Eduardo não respondeu. Apenas inclinou-se para beijá-la. Aline sabia o que ia acontecer naquele momento, já havia acontecido tantas vezes. Por que ceder de novo mesmo sabendo que aquilo não a levaria a nada? Afinal, amava Eduardo como amava as coisas que aconteciam de forma inesperada e complexa. Ele deslizou as mãos pelo corpo dela e apertou o abraço. Não se importava com o gosto de fumaça que restara na boca ou o odor distorcido dos cabelos, xampu e nicotina. Ao invés de enfiar a mão no cós da calça de Eduardo, Aline segurou o rosto do rapaz com as duas mãos e olhou-o de frente. Antes de falar, acariciou-lhe levemente os cabelos da maneira que se amansa um bicho:
- Eu fiz uma promessa por sua causa.
- Sério?
- Aquele dia na praia em que nós dois ficamos sentados na areia, olhando para o mar. Eu prometi que não ficaria com nenhum cara a não ser que ele me desse alguma coisa em troca. Eu estou cansada de me dedicar às pessoas cegamente, como uma santa e não receber nada.
- Foi por isso que você terminou com seu ex?
Aline riu.
- Você é inteligente, menino.
Sacarose estava sentada à porta do quarto. Aline lembrou-se de quando ele contou que o pai havia chegado com o filhote em casa e eles não sabiam qual nome dar. Então Thiago abriu o dicionário em uma página qualquer e escolheu a palavra: Sacarose. Uma doçura, costumavam brincar.
- Preciso ir.
Aline se esgueirou pelo quarto e pegou a bolsa.
- Agora? – Eduardo se aproximou novamente.
- Quero ir ao cinema. Você não quer ir comigo, vou sozinha.
- Putz, vai querer me tirar de casa num domingo que nem esse?
- Não tô insistindo em nada.
Foi caminhando até a porta, Sacarose seguiu-a em mudez, as patinhas batendo no piso de mármore do apartamento. Eduardo foi, abriu a porta. Aline olhou-o com um sorriso e ao invés de dar um beijo, apertou-lhe a bochecha:
- Você é a razão pela qual eu odeio todos os domingos.

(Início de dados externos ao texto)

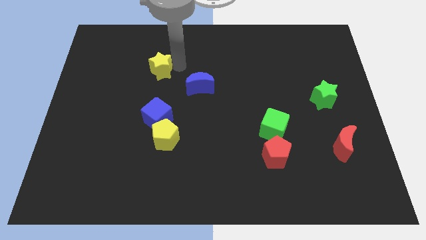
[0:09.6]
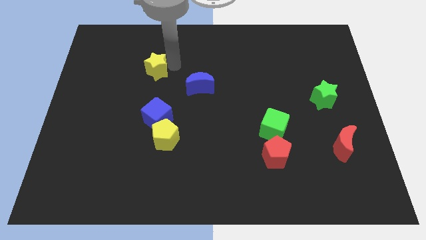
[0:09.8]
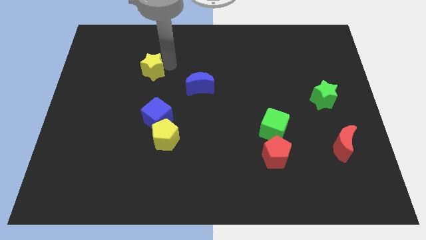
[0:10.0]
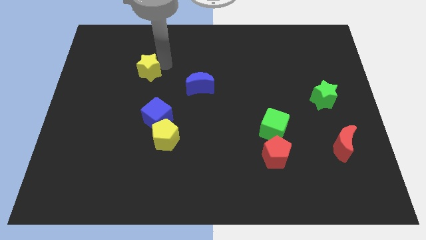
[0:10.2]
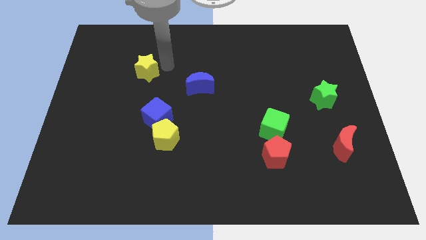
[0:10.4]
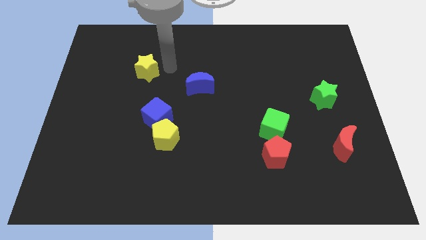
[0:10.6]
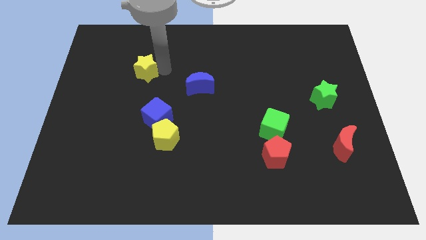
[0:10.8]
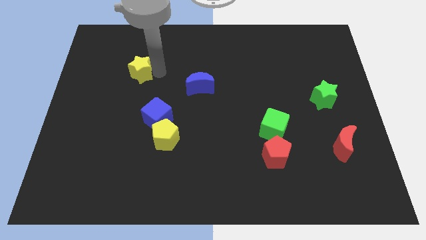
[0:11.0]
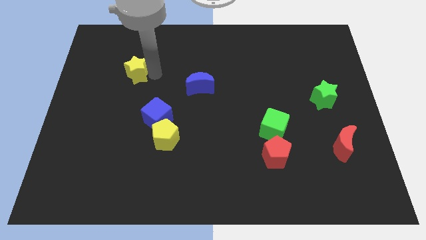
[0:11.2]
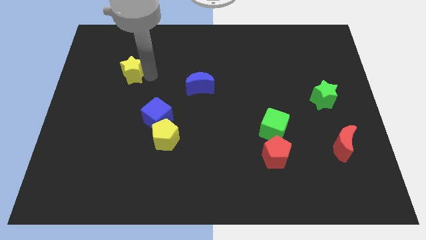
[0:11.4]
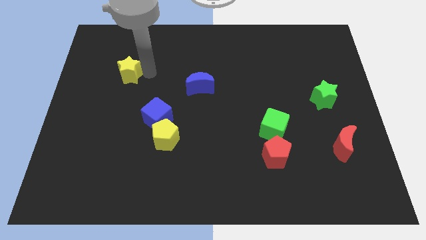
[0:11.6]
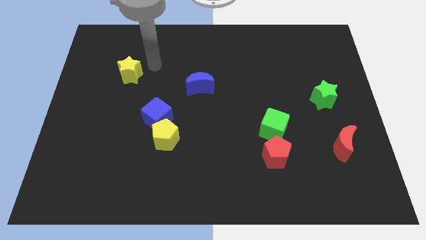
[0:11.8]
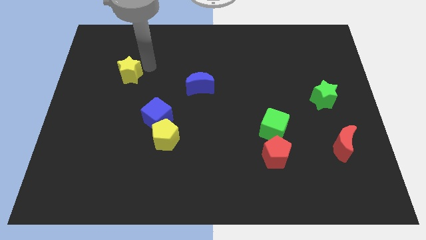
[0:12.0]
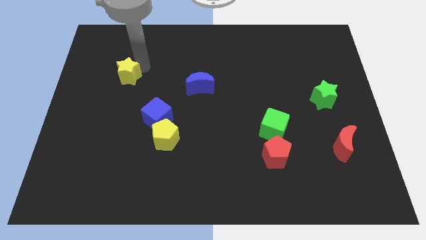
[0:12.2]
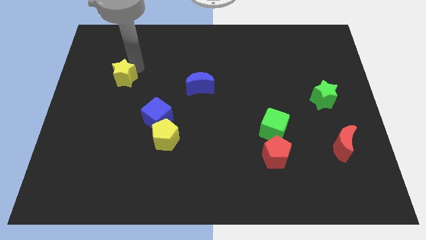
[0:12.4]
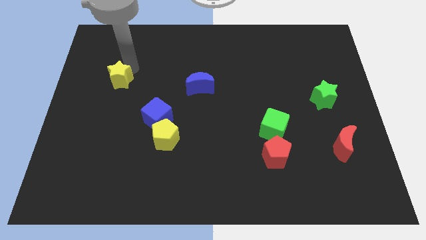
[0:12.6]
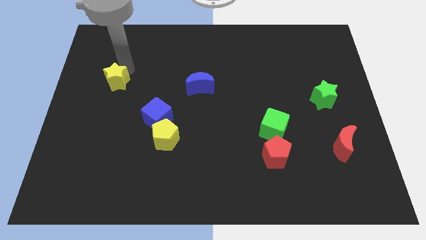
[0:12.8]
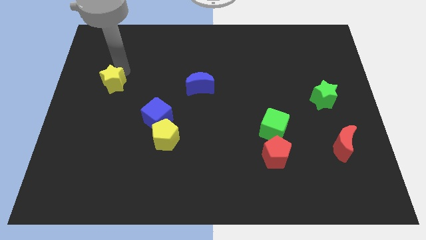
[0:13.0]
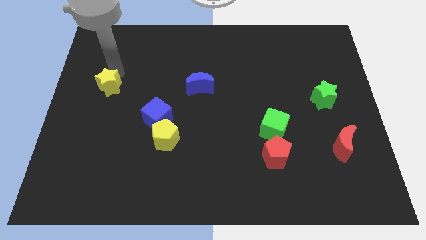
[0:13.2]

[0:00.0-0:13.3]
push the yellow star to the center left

E se virou para descer as escadas. Aline soube que ele só fechou a porta quando a viu desaparecer. Quando estava na rua, ouviu um assovio alto: ele olhava e acenava da janela. Aline apenas levantou uma das mãos em resposta e continuou andando poucos quarteirões até chegar ao cinema. Ele morava tão perto e nunca se propunha a ir...
Deu uma olhada nos filmes que estavam passando e resolveu ir ao banheiro. Estava apertada desde quando começou a descer as escadas da casa de Eduardo e sentiu que seria humilhante voltar. Calcinha nos joelhos, custou a fazer xixi. Quando foi se enxugar, odiou a maneira úmida que ficava por dentro depois de muito sexo. Lavou as mãos, se olhou no espelho, cabelos desarrumados, bochechas ainda rosadas, escolheu o filme. Imaginou-se anos mais tarde parada numa rua movimentada num dia de semana, fumando seu cigarro com uma lata já morna de coca-cola zero na mão. Veria Eduardo aparecendo, atravessando uma rua. Não iria falar com ele. Estava tudo bem. Comprou pipoca e foi ao cinema.